In both Tahoe and Reno, if an ACK times out (RTO timeout), slow start is used, and both algorithms reduce congestion window to 1 MSS.
Until the mid-1990s, all of TCP's set timeouts and measured round-trip delays were based upon only the last transmitted packet in the transmit buffer. University of Arizona researchers Larry Peterson and Lawrence Brakmo introduced TCP Vegas, named after the largest Nevada city, in which timeouts were set and round-trip delays were measured for every packet in the transmit buffer. In addition, TCP Vegas uses additive increases in the congestion window. This variant was not widely deployed outside Peterson's laboratory. In a comparison study of various TCP congestion control algorithms, TCP Vegas appeared to be the smoothest followed by TCP CUBIC.
TCP New RenoEdit
TCP New Reno, defined by RFC 6582 (which obsoletes previous definitions in RFC 3782 and RFC 2582), improves retransmission during the fast-recovery phase of TCP Reno. During fast recovery, for every duplicate ACK that is returned to TCP New Reno, a new unsent packet from the end of the congestion window is sent, to keep the transmit window full. For every ACK that makes partial progress in the sequence space, the sender assumes that the ACK points to a new hole, and the next packet beyond the ACKed sequence number is sent.

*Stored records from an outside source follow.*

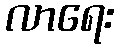
လာရေး
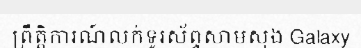
ព្រឹត្តិការណ៍លក់ទូរស័ព្ទសាមសុង Galaxy
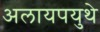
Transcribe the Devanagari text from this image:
अलायपयुथे
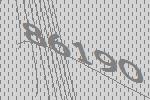
86190
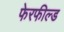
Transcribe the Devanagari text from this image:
फेरफील्ड
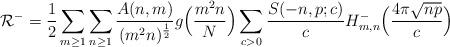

Because the timeout timer is reset whenever there is progress in the transmit buffer, this allows New Reno to fill large holes, or multiple holes, in the sequence space – much like TCP SACK. Because New Reno can send new packets at the end of the congestion window during fast recovery, high throughput is maintained during the hole-filling process, even when there are multiple holes, of multiple packets each. When TCP enters fast recovery it records the highest outstanding unacknowledged packet sequence number. When this sequence number is acknowledged, TCP returns to the congestion avoidance state.
A problem occurs with New Reno when there are no packet losses but instead, packets are reordered by more than 3 packet sequence numbers. When this happens, New Reno mistakenly enters fast recovery, but when the reordered packet is delivered, ACK sequence-number progress occurs and from there until the end of fast recovery, every bit of sequence-number progress produces a duplicate and needless retransmission that is immediately ACKed.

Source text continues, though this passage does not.